We can make a hypothesis that members use the bike to commute every day and ride during weekends for leisure.
Casual riders use the bike mostly during the weekend, shown through average ride duration and number of rides.

**Number of rides throughout the year**

Casuals and members ride mostly in the afternoon and the evening. However, members ride in the morning as much as in the evening, unlike the casuals.

* February is the month with the least number of rides, which means compared with average duration, that those who used a bike - casual or member - were riding longer than usual.
* Numbers of rides goes up as soon as String season starts, reaches a peak in the summer and declines in October for Casuals and November for members.
* We can observe that casual riders outnumber members from July to August by number of rides.
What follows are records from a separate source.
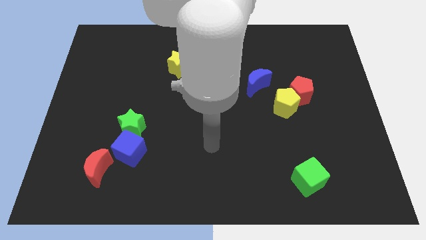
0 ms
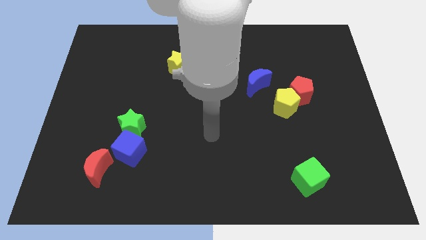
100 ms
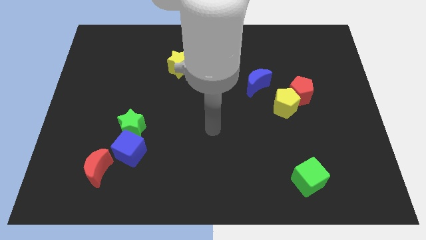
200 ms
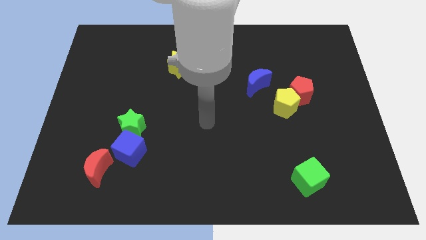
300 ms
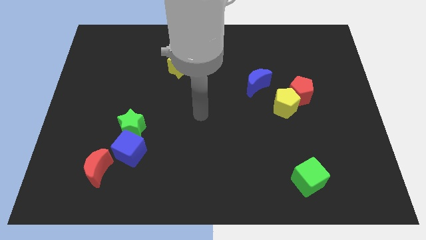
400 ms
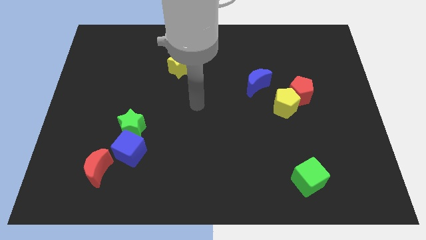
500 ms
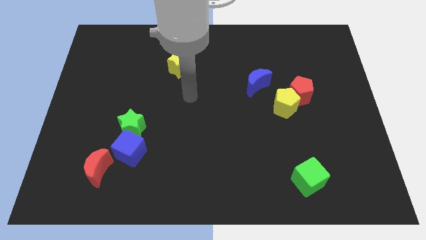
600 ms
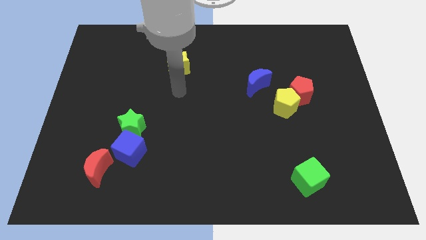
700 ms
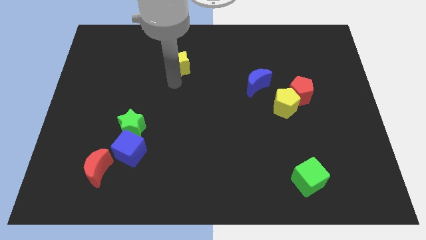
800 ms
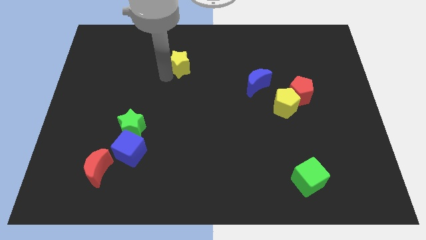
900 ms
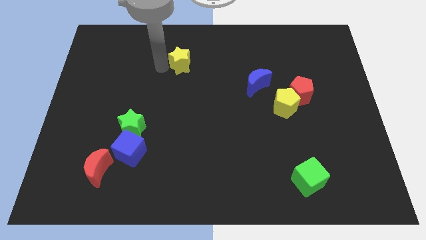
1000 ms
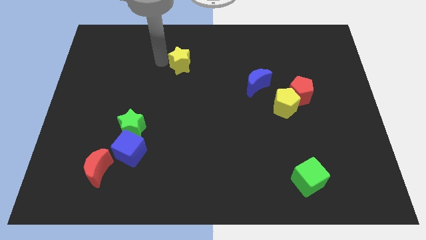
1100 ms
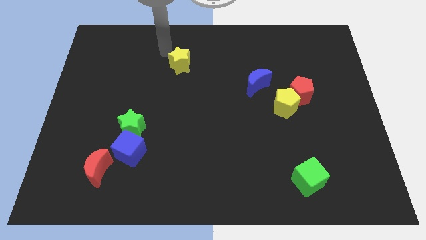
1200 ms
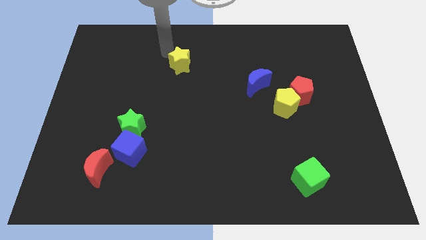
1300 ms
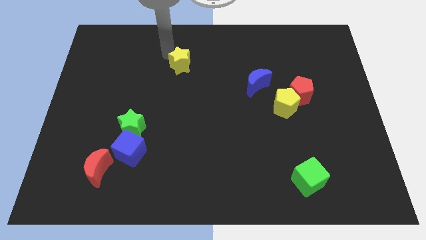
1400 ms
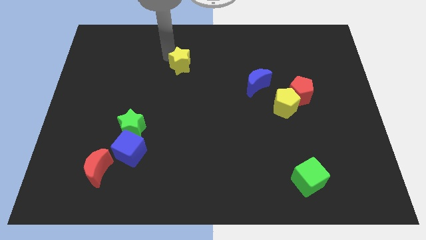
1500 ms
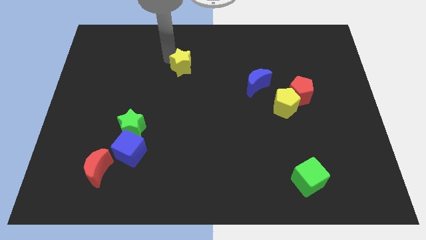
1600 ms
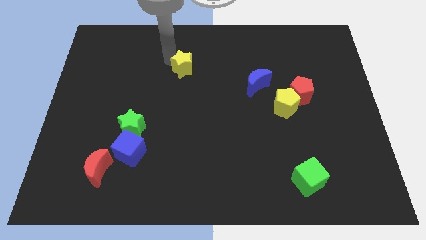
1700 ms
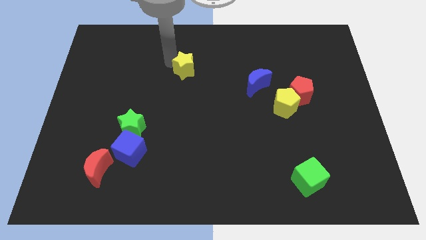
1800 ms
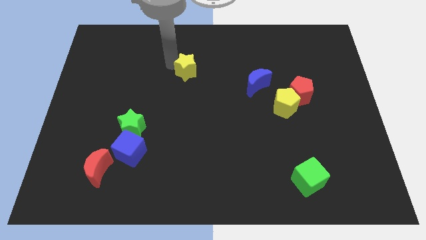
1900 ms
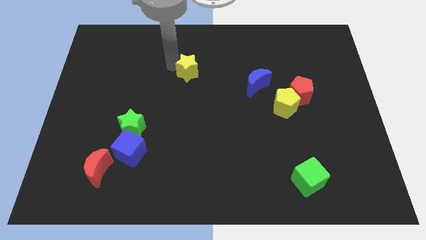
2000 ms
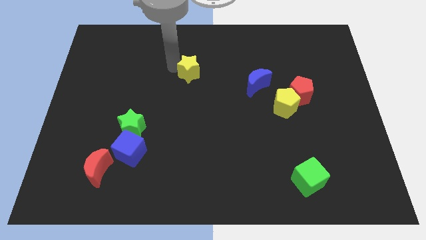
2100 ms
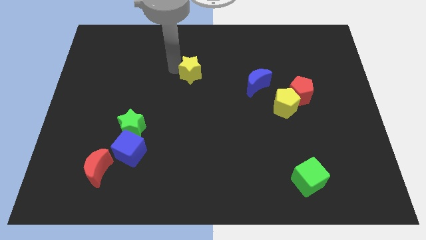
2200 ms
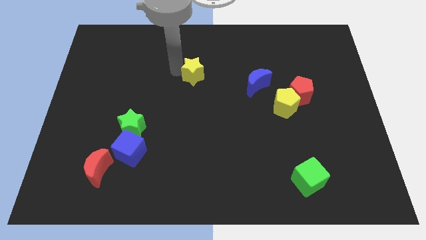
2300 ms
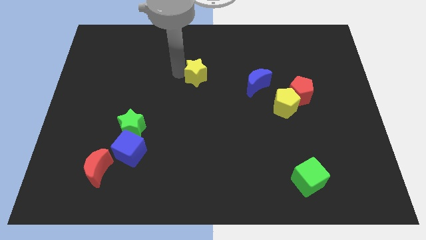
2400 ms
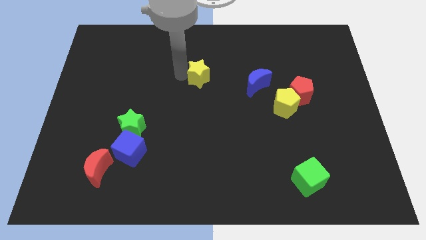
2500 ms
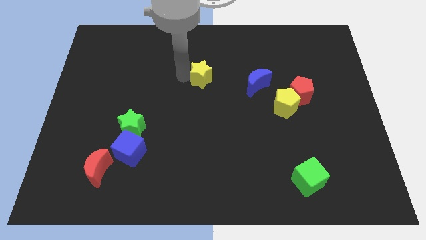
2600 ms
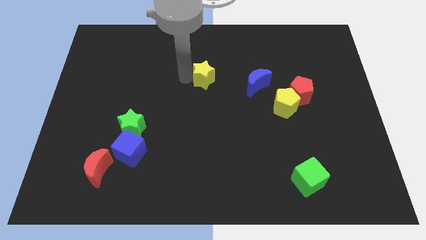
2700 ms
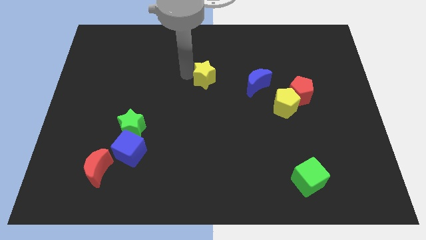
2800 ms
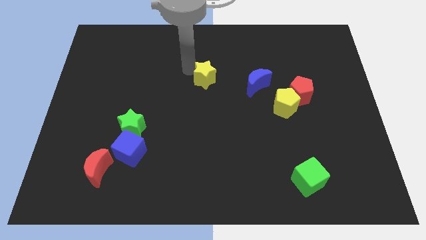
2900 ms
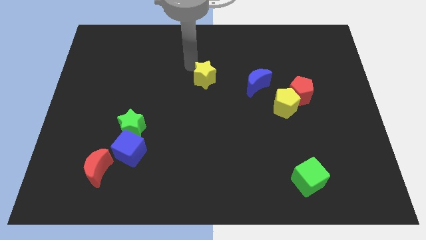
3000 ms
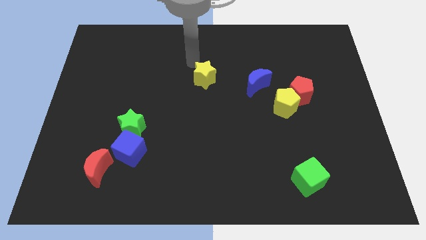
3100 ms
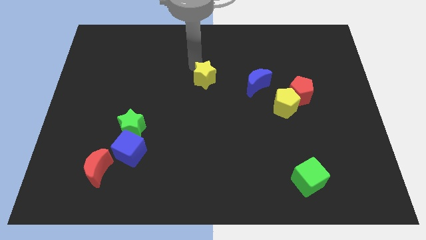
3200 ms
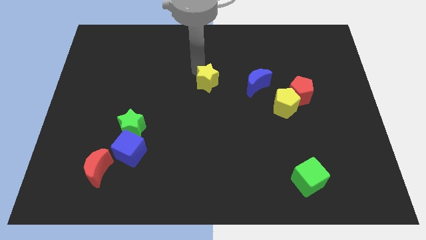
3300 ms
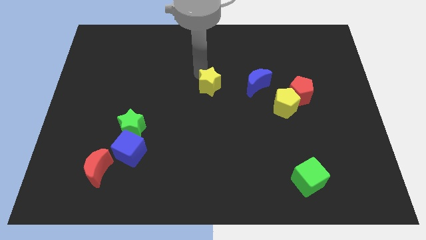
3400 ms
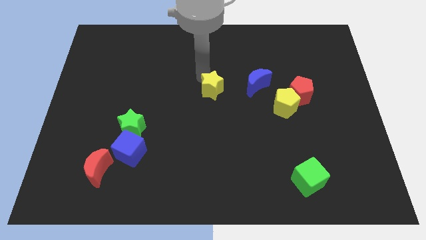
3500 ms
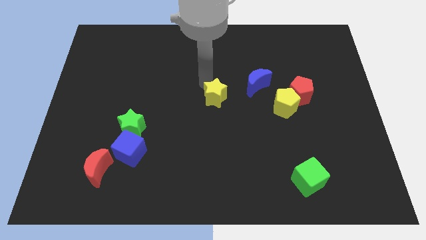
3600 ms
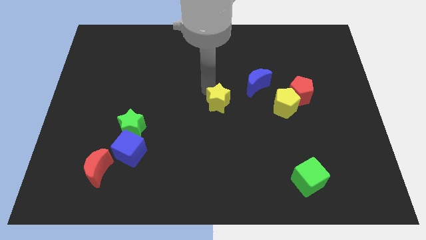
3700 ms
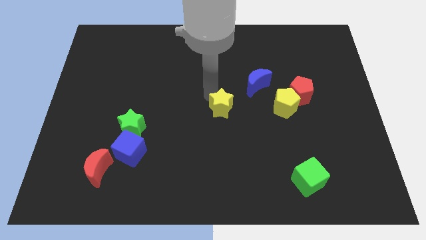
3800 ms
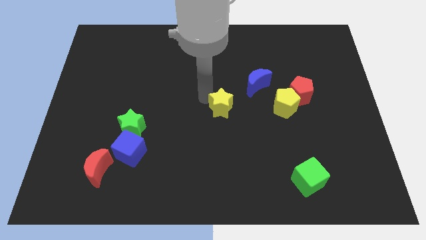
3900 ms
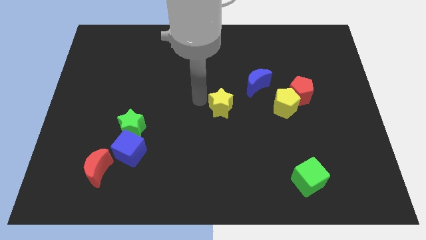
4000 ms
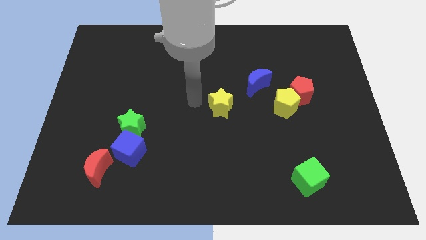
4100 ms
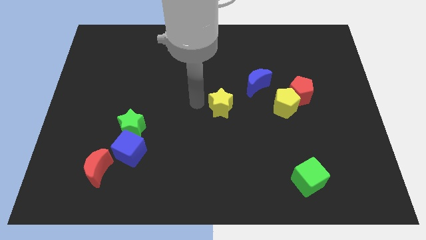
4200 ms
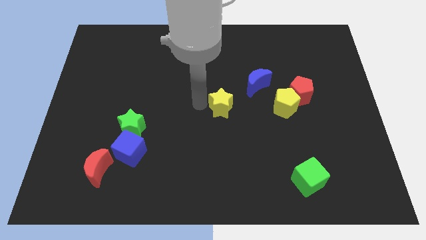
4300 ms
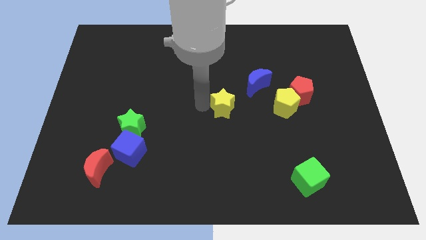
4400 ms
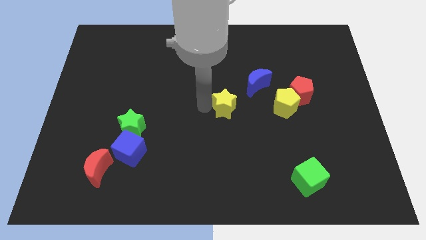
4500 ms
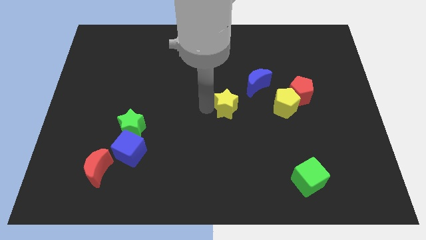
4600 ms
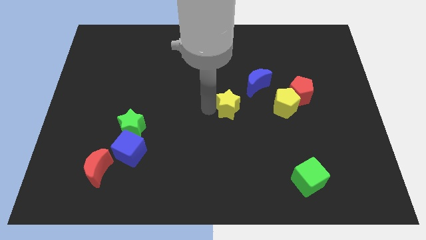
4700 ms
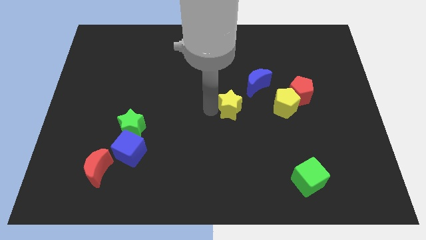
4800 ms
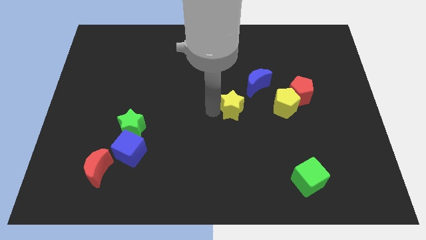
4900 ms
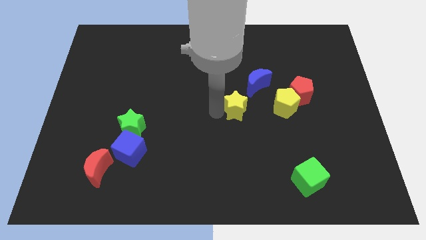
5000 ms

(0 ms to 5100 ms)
slide the yellow star down and to the right

After September, casual riders tend to use less and less the bike service.


## PHASE 5: SHARE

Normally, we'd use a set of slides as a presentation of our findings and recommendations, but here we'll use this Kaggle notebook. 

We found most of the observations though data visualizations, which can be used for a slide presentation.


**Our findings**

* Day: members and casuals use bikes mostly on the afternoon. Members have also a peak of use in the morning. 
* Week: Casuals use bikes more during the weekends and with longer periods of time while members are riding consistently throughout the week.
* Month: Casuals ride the longest from March to June, while members have a steady time duration of their rides from March to September.
* Year: Both casual and member riders have more rides starting from the spring season until September/October.
* Year: Both casual and member riders use the bike longer during summer and shorter during winter. 
* Average: casuals ride 2x longer than members. They ride longer during weekends while members have a set schedule on mornings and afternoons for commuting (assumption).
* Bike type: Members have a bigger preference for classic bikes, making them have exercice while commuting (assumption).
* Bike type: Casuals prefer classic bikes as well, especially during weekends. However, the results can be biased by the availability of classic, electric and docked bikes (not the same amount of bikes available).
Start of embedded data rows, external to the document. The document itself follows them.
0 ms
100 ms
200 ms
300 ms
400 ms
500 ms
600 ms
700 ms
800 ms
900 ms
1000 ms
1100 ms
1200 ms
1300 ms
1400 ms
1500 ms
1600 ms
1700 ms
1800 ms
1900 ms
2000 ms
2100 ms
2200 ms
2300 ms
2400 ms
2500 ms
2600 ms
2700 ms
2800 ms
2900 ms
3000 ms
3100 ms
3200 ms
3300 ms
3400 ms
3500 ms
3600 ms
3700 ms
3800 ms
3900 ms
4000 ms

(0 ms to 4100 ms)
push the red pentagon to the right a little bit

What we can take from this information is that members have a more fixed use for bikes than casuals. Their bike use is for routine activities, like:
* Commuting.
* (Sport)


Conclusion - What tells the data:
* Members use the bikes for fixed activities, i.e. commuting.
* Bikes are used for leisure during the weekends, starting Friday.

## PHASE 6: ACT

After having my presentation for my manager and the exec team, the marketing team will act on the recommendations as takeaways of my presentation. 



**Recommendations**

* Show through a campaign how members and casuals are having the same frequency of using bikes throughout the year and start the campaign in March, when weather conditions improve and people start going out (as data shows).
* Make an ad that focus on saving as a member for longer ride duration to get casuals sign up as member riders, besides the fact that they can use bikes for commuting.
* Make special discount at the Spring season showing the possibilities of commuting during workdays and leisure during the weekend.